**Directions**
Each record needs to be transcribed word for word, though without its pictures.
========
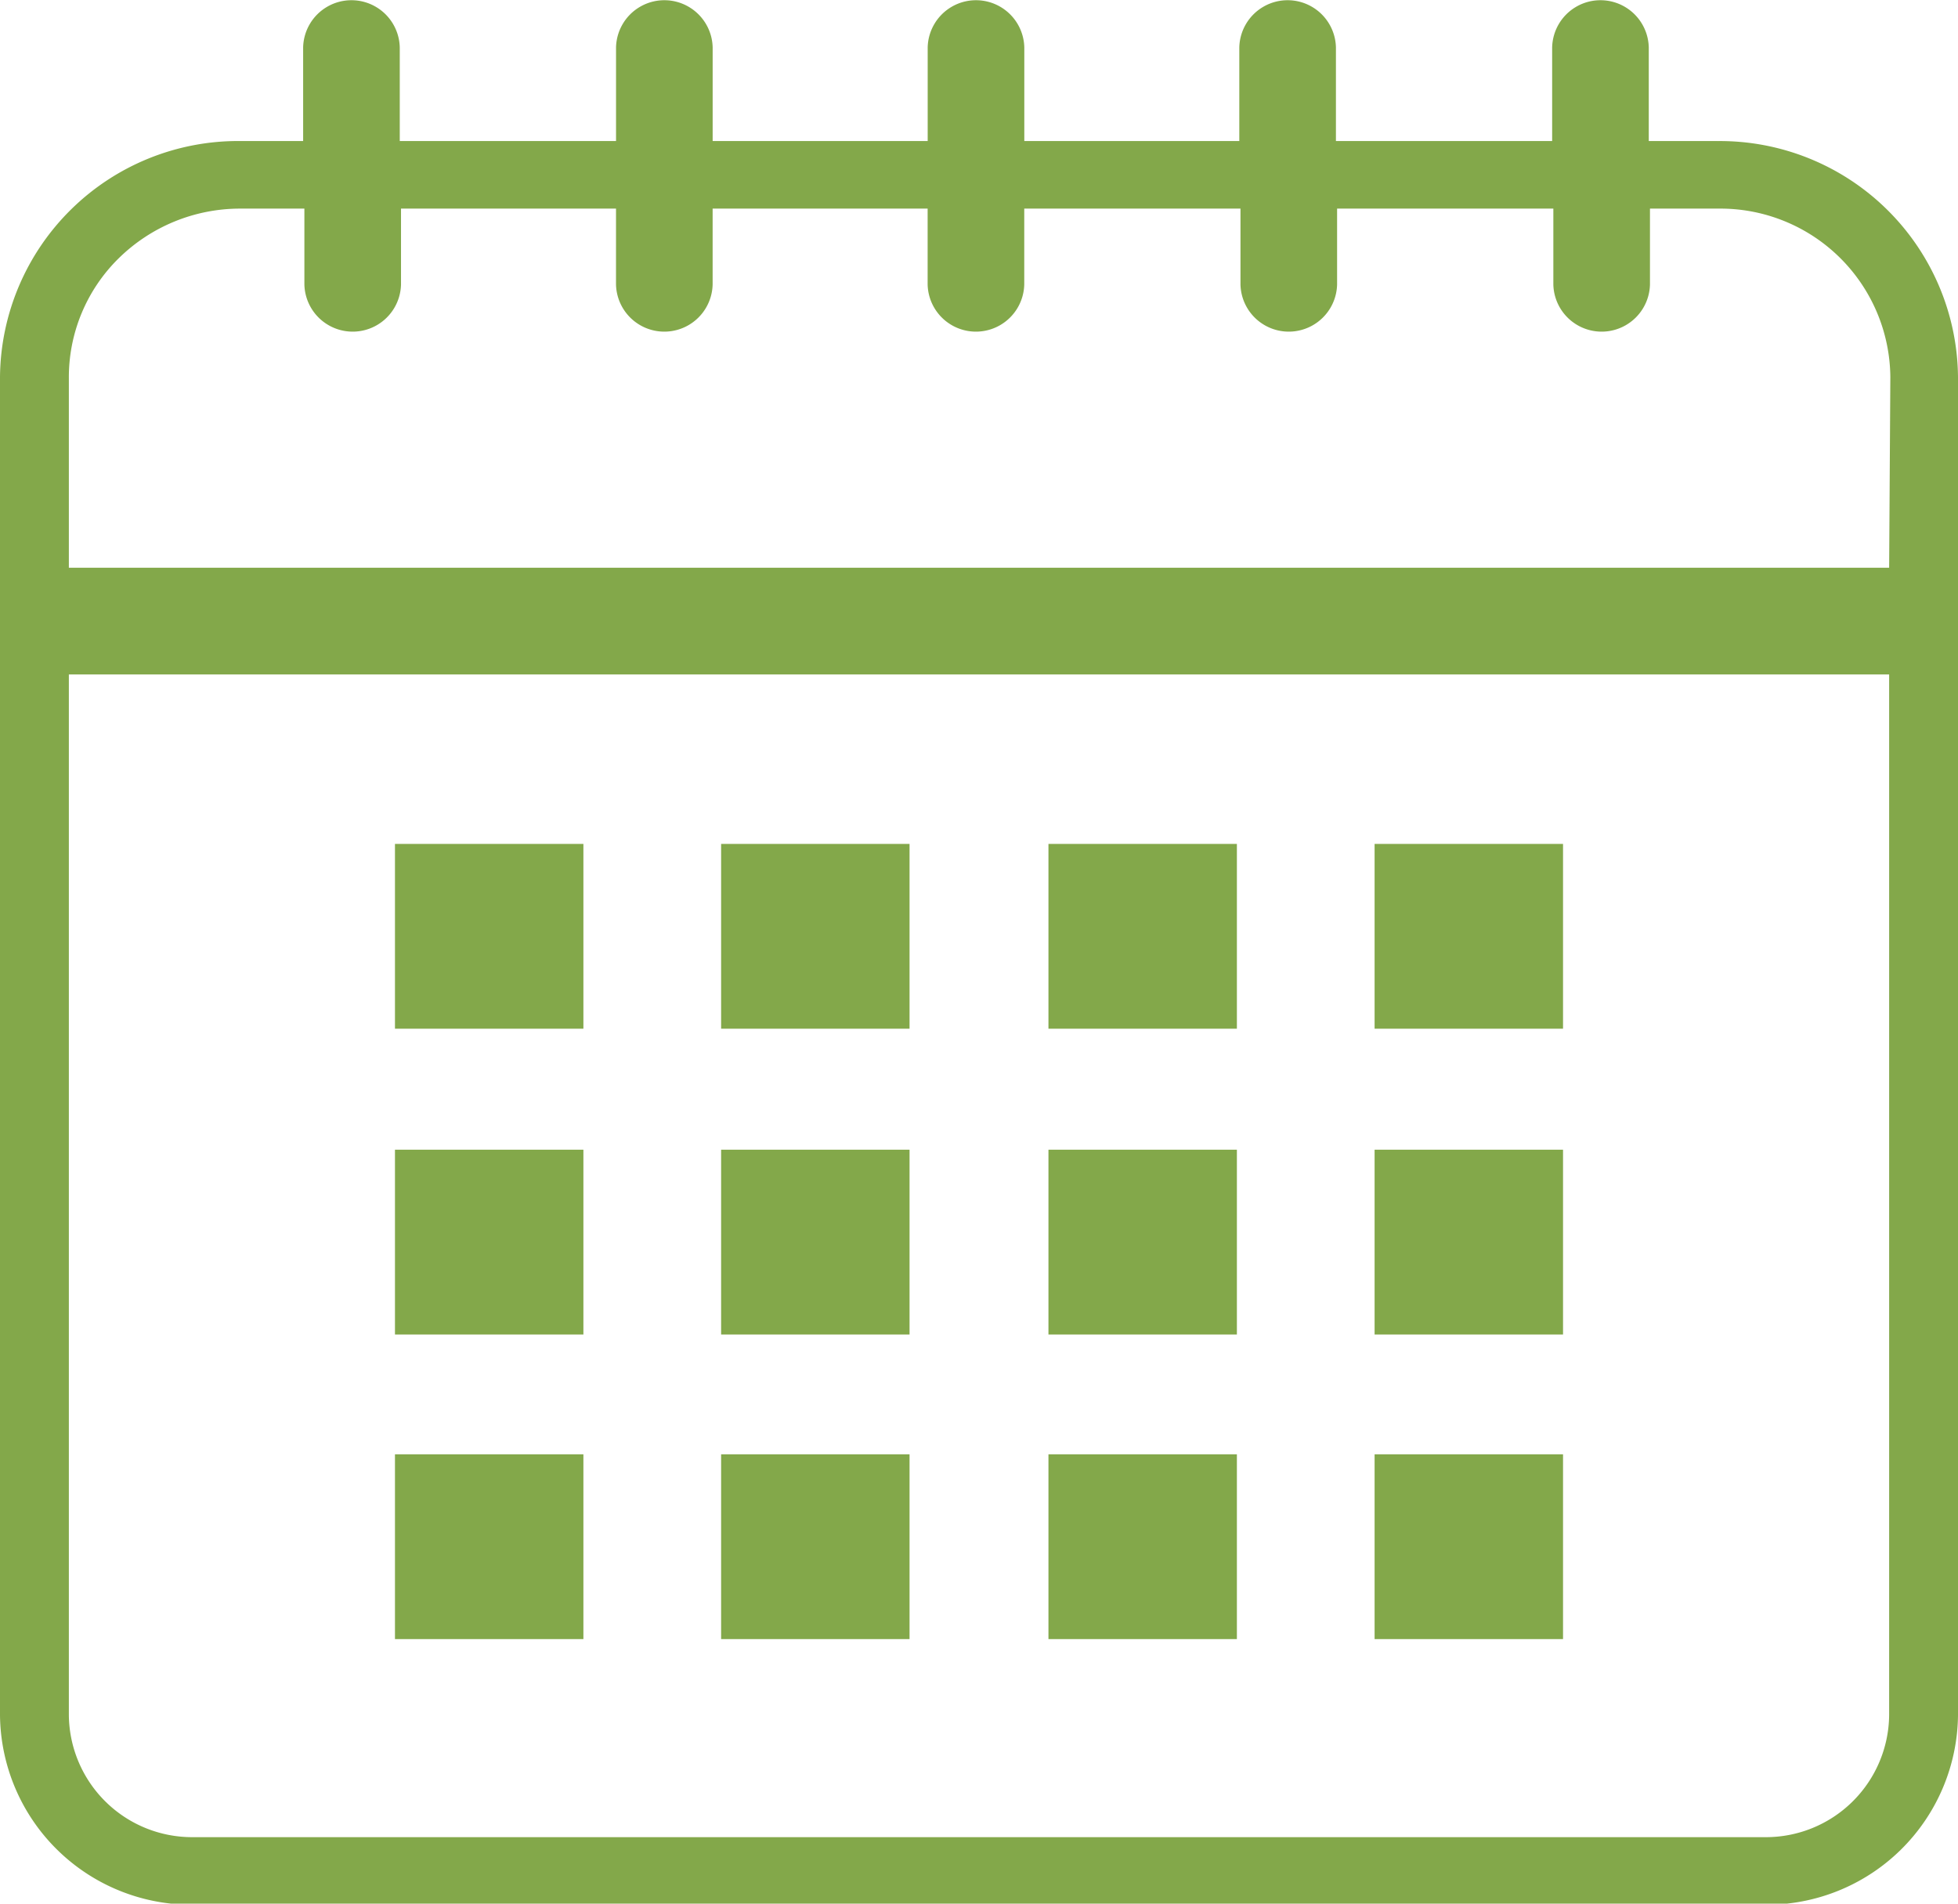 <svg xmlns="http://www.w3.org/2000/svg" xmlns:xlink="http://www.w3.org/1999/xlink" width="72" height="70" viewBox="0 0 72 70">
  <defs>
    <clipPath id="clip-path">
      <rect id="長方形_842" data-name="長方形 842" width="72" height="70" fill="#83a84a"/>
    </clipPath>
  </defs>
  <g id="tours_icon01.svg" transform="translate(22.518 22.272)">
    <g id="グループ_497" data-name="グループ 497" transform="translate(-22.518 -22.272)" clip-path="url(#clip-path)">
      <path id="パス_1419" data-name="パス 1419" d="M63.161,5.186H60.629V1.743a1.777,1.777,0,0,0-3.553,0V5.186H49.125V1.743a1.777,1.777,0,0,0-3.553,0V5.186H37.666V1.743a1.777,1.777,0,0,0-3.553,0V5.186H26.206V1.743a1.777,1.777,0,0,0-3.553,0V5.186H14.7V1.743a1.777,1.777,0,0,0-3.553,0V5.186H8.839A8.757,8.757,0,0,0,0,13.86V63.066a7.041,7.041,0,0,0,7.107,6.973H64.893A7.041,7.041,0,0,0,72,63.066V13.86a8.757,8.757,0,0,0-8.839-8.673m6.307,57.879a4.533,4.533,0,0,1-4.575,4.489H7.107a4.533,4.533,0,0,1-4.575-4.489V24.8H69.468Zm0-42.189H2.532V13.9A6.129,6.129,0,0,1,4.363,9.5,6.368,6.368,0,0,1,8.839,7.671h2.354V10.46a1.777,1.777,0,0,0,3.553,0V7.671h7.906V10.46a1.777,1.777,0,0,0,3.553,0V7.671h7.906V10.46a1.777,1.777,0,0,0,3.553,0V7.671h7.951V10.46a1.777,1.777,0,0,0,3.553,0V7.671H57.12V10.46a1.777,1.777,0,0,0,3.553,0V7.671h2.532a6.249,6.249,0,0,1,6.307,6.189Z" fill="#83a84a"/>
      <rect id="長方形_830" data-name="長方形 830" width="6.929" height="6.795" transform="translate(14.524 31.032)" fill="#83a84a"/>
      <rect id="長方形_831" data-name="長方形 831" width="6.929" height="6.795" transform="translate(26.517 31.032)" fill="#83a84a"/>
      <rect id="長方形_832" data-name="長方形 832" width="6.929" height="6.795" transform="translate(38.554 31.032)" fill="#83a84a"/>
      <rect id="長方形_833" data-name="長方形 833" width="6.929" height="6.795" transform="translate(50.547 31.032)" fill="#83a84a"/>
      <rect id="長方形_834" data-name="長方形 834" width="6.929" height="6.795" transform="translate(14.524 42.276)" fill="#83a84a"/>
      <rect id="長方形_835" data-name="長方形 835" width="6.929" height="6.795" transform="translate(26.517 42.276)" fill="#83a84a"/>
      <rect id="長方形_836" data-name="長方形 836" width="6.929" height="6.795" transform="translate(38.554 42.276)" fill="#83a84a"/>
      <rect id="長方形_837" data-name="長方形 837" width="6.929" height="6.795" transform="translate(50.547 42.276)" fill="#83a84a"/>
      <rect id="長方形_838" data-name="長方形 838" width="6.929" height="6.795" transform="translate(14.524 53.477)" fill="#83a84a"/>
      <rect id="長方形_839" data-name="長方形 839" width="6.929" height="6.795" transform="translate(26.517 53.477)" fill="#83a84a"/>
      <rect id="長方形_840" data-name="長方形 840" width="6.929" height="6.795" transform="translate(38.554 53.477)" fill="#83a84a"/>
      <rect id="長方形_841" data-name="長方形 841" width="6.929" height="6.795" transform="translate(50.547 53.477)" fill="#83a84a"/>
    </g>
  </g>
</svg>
========
**Response area**
 <svg xmlns="http://www.w3.org/2000/svg" xmlns:xlink="http://www.w3.org/1999/xlink" width="72" height="70" viewBox="0 0 72 70">
  <defs>
    <clipPath id="clip-path">
      <rect id="長方形_842" data-name="長方形 842" width="72" height="70" fill="#83a84a"/>
    </clipPath>
  </defs>
  <g id="tours_icon01.svg" transform="translate(22.518 22.272)">
    <g id="グループ_497" data-name="グループ 497" transform="translate(-22.518 -22.272)" clip-path="url(#clip-path)">
      <path id="パス_1419" data-name="パス 1419" d="M63.161,5.186H60.629V1.743a1.777,1.777,0,0,0-3.553,0V5.186H49.125V1.743a1.777,1.777,0,0,0-3.553,0V5.186H37.666V1.743a1.777,1.777,0,0,0-3.553,0V5.186H26.206V1.743a1.777,1.777,0,0,0-3.553,0V5.186H14.7V1.743a1.777,1.777,0,0,0-3.553,0V5.186H8.839A8.757,8.757,0,0,0,0,13.86V63.066a7.041,7.041,0,0,0,7.107,6.973H64.893A7.041,7.041,0,0,0,72,63.066V13.86a8.757,8.757,0,0,0-8.839-8.673m6.307,57.879a4.533,4.533,0,0,1-4.575,4.489H7.107a4.533,4.533,0,0,1-4.575-4.489V24.8H69.468Zm0-42.189H2.532V13.9A6.129,6.129,0,0,1,4.363,9.5,6.368,6.368,0,0,1,8.839,7.671h2.354V10.46a1.777,1.777,0,0,0,3.553,0V7.671h7.906V10.46a1.777,1.777,0,0,0,3.553,0V7.671h7.906V10.46a1.777,1.777,0,0,0,3.553,0V7.671h7.951V10.46a1.777,1.777,0,0,0,3.553,0V7.671H57.12V10.46a1.777,1.777,0,0,0,3.553,0V7.671h2.532a6.249,6.249,0,0,1,6.307,6.189Z" fill="#83a84a"/>
      <rect id="長方形_830" data-name="長方形 830" width="6.929" height="6.795" transform="translate(14.524 31.032)" fill="#83a84a"/>
      <rect id="長方形_831" data-name="長方形 831" width="6.929" height="6.795" transform="translate(26.517 31.032)" fill="#83a84a"/>
      <rect id="長方形_832" data-name="長方形 832" width="6.929" height="6.795" transform="translate(38.554 31.032)" fill="#83a84a"/>
      <rect id="長方形_833" data-name="長方形 833" width="6.929" height="6.795" transform="translate(50.547 31.032)" fill="#83a84a"/>
      <rect id="長方形_834" data-name="長方形 834" width="6.929" height="6.795" transform="translate(14.524 42.276)" fill="#83a84a"/>
      <rect id="長方形_835" data-name="長方形 835" width="6.929" height="6.795" transform="translate(26.517 42.276)" fill="#83a84a"/>
      <rect id="長方形_836" data-name="長方形 836" width="6.929" height="6.795" transform="translate(38.554 42.276)" fill="#83a84a"/>
      <rect id="長方形_837" data-name="長方形 837" width="6.929" height="6.795" transform="translate(50.547 42.276)" fill="#83a84a"/>
      <rect id="長方形_838" data-name="長方形 838" width="6.929" height="6.795" transform="translate(14.524 53.477)" fill="#83a84a"/>
      <rect id="長方形_839" data-name="長方形 839" width="6.929" height="6.795" transform="translate(26.517 53.477)" fill="#83a84a"/>
      <rect id="長方形_840" data-name="長方形 840" width="6.929" height="6.795" transform="translate(38.554 53.477)" fill="#83a84a"/>
      <rect id="長方形_841" data-name="長方形 841" width="6.929" height="6.795" transform="translate(50.547 53.477)" fill="#83a84a"/>
    </g>
  </g>
</svg>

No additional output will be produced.